M&A Deals
Purchase and Sale Agreement
A Purchase and Sale Agreement is the contract that documents all of the terms agreed upon between the buyer and the seller in an M&A transaction. Sometimes, this document is referred to as the Definitive Agreement. In M&A deals, this is THE document as it controls the actual closing and any open or unresolved issues part-time.
A purchase and sale agreement can take the form of a merger agreement, tender offer document, or a stock or asset purchase agreement. All of these forms of purchase and sale agreements contain a number of important clauses and terms relating to the transaction. Therefore, it’s important for both the buyer and seller to have an experienced lawyer and a good M&A team to make sure the agreement is fair for both parties. Obviously, some of the terms are more important than others.
There are several key sections of a purchase and sale agreement including the following: valuation/consideration, execution provisions, representations and warranties, covenants, conditions to closing, termination provision, break-up fees, etc.
• Execution provisions detail the way in which the deal is structured and the form of consideration. For example, an asset purchase and an all cash consideration.
• Representations and warranties outline exactly what is being sold and that the seller is delivering a clean title which is proof of ownership.
• Covenants are the agreements made between the buyer and seller.

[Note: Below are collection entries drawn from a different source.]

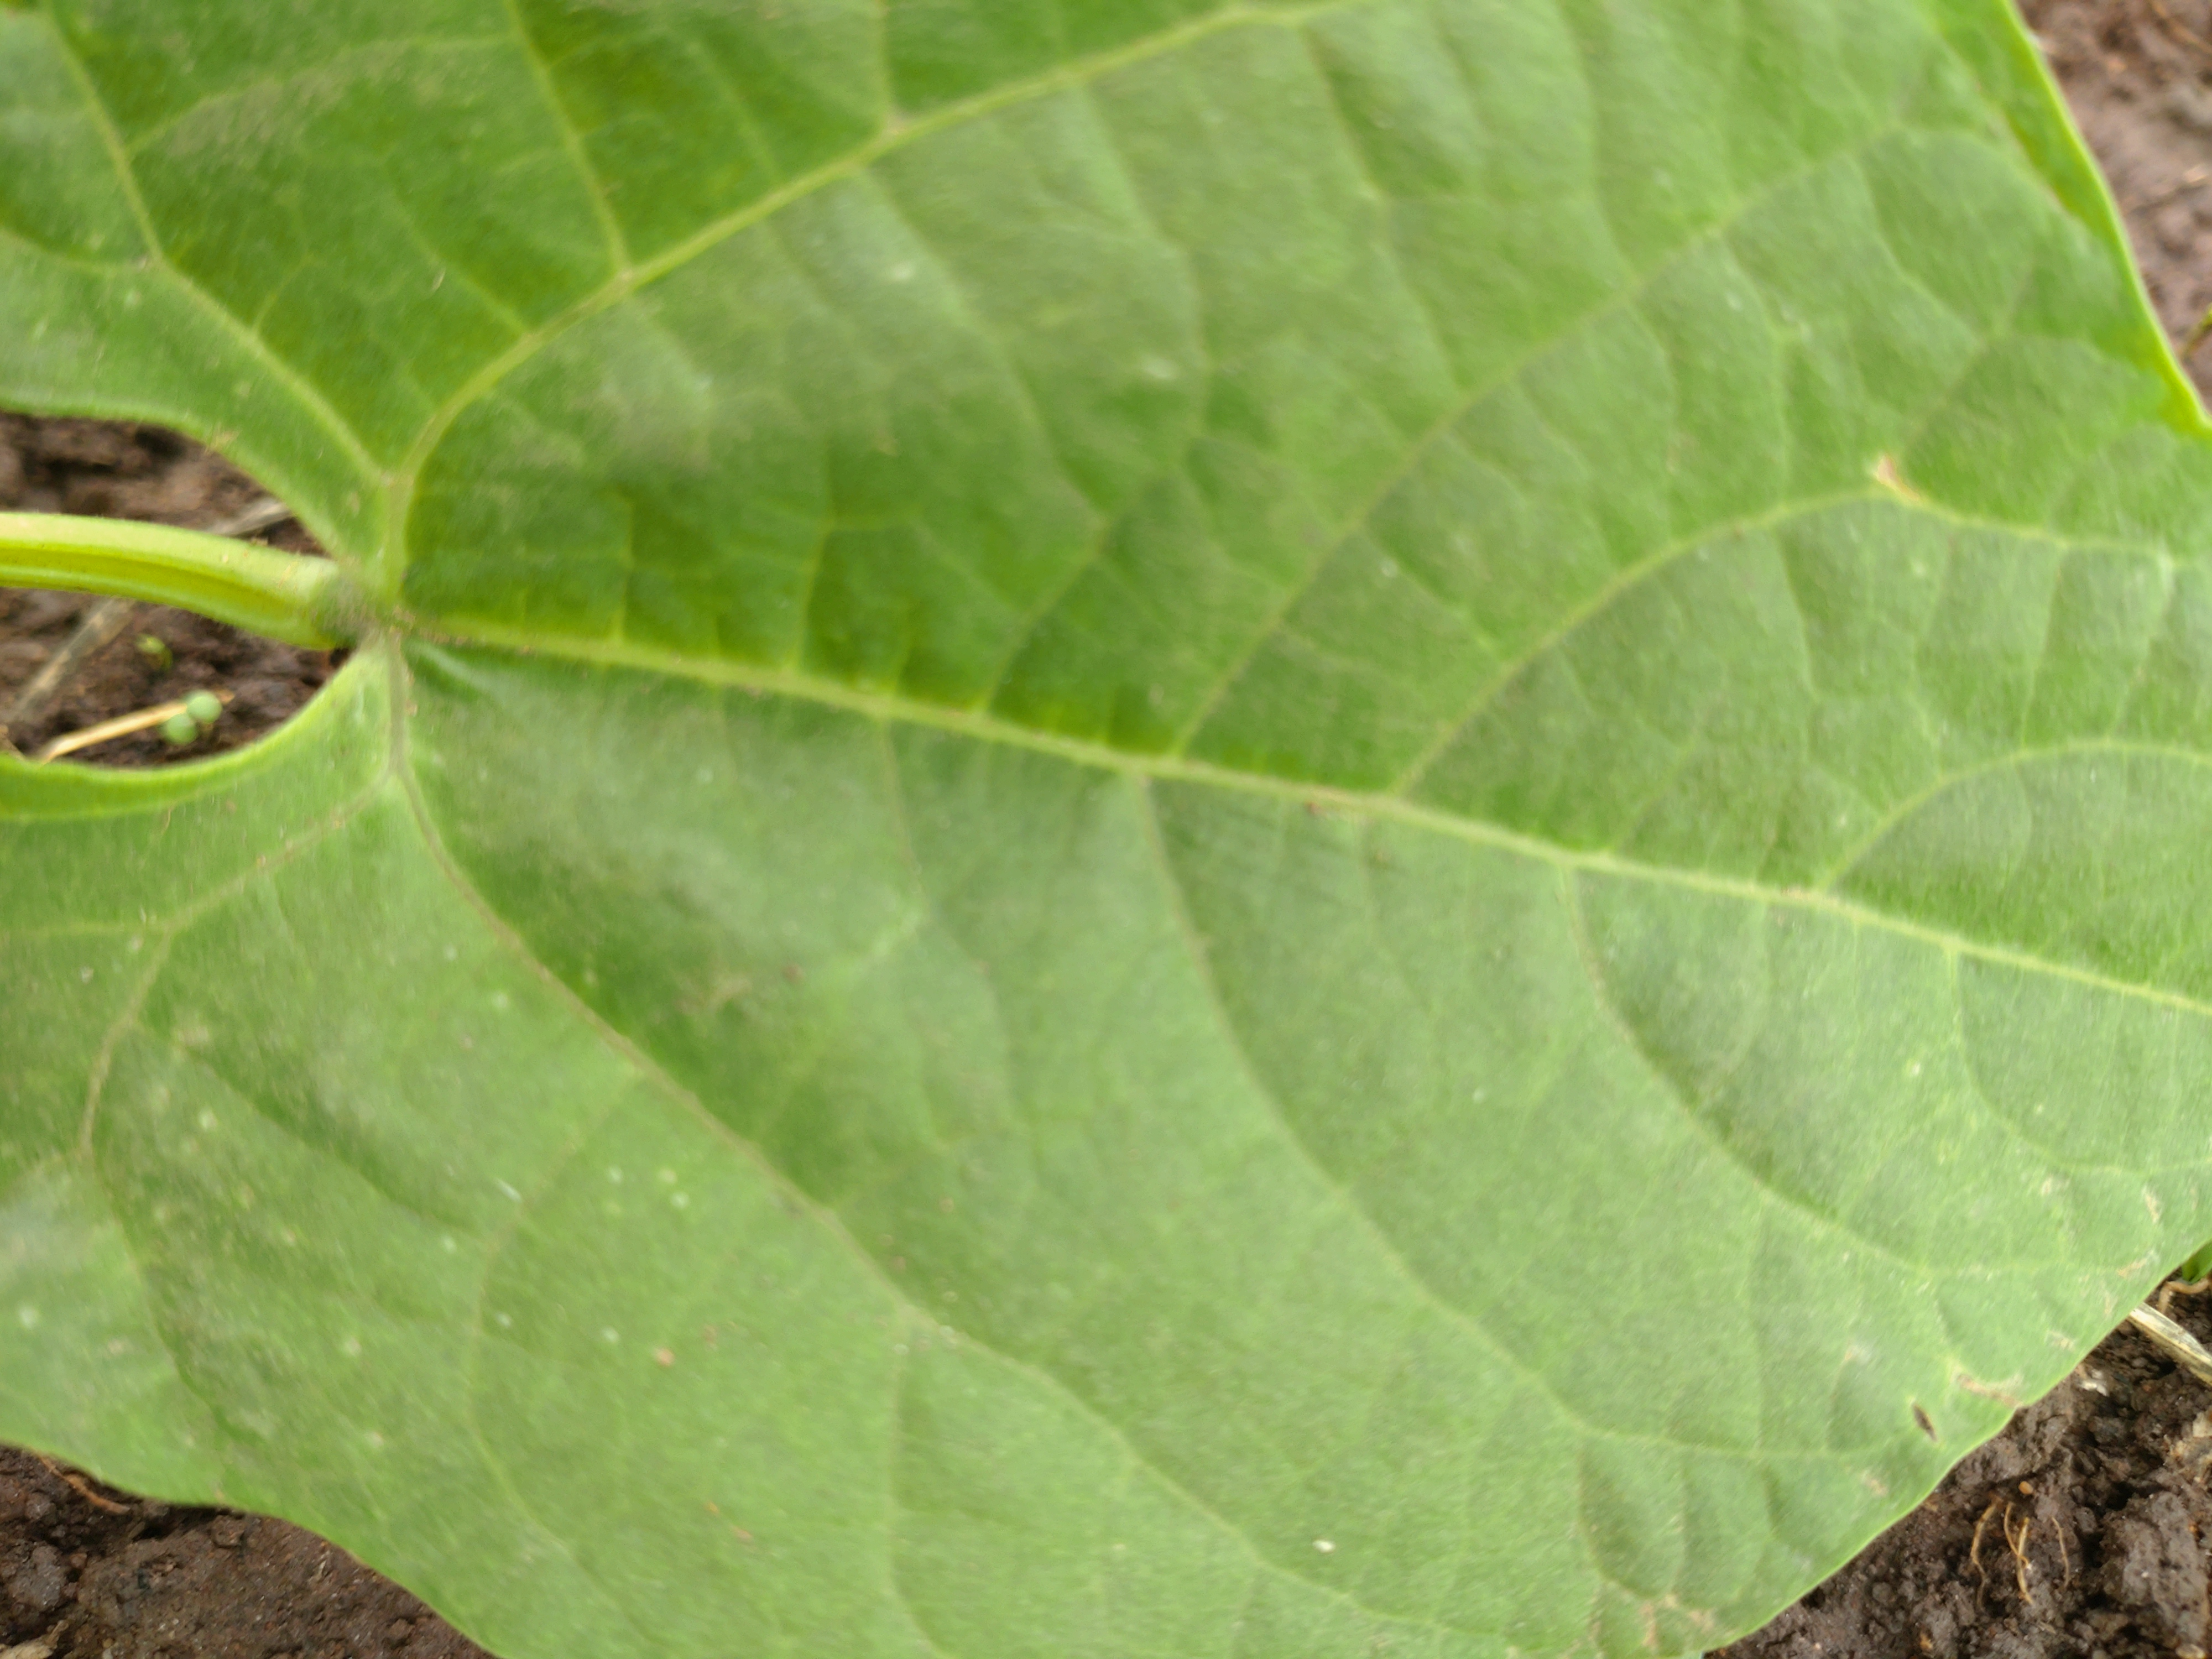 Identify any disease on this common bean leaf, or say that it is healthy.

healthy
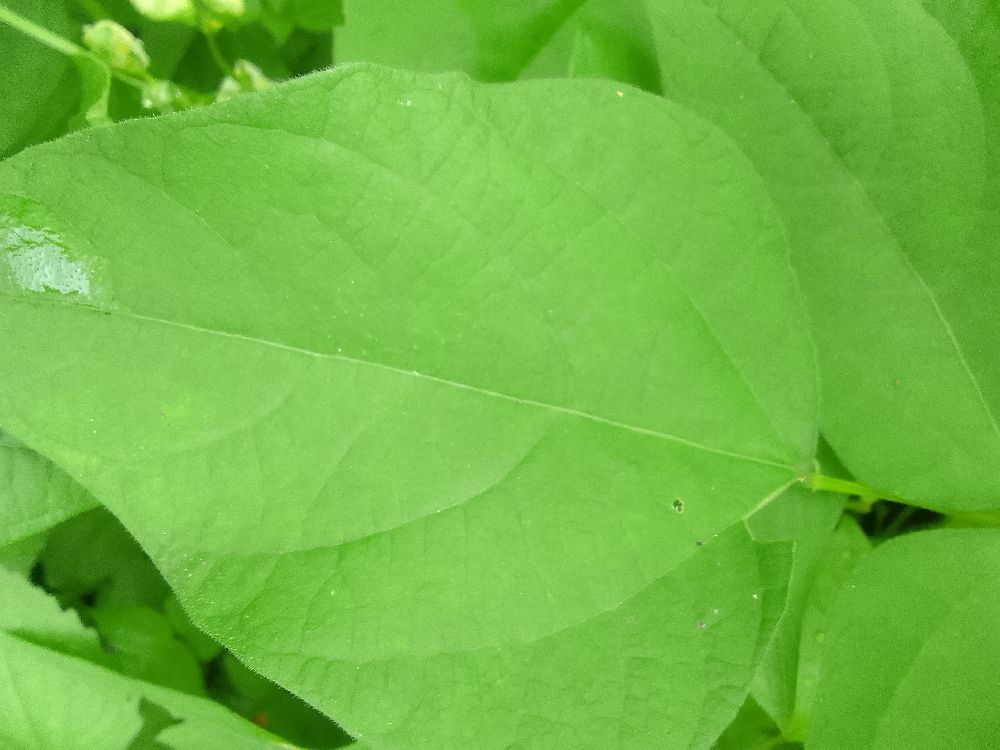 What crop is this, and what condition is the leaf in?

common bean, healthy
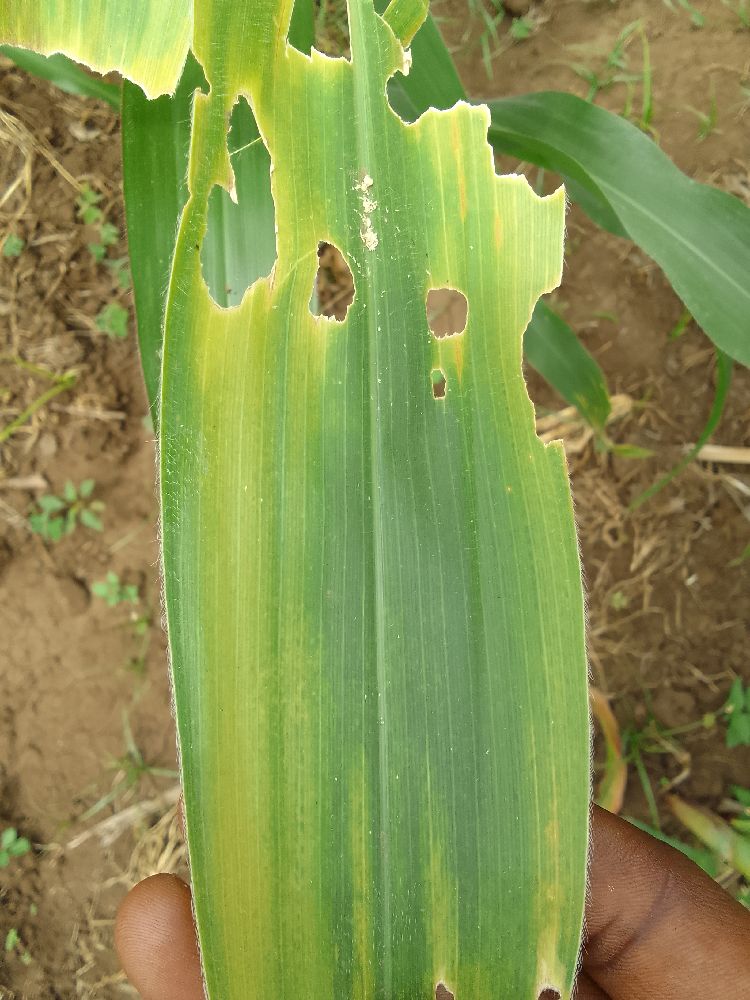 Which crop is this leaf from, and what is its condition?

maize, maize lethal necrosis

For example, a seller could be required by the buyer to keep certain employees.
• Conditions to closing are conditions that must be met such as regulatory approval prior to the closing of the transaction.
• Termination provisions are conditions in which the transaction could be terminated. For example, if the buyer cannot finance the acquisition.
• Break-up fees are the fees that must be paid in the event that one party backs out of the transaction.
These are only some of the many topics covered in a purchase and sale agreement. These agreements are comprehensive documents that are legally binding to all parties involved in the transaction. An experienced M&A advisor knows, from experience, when and where to compromise on certain issues. Furthermore, a good M&A advisor will work closely with their client's lawyer to make sure that whether the client is on the buy-side or the sell-side that they receive a fair document for closing.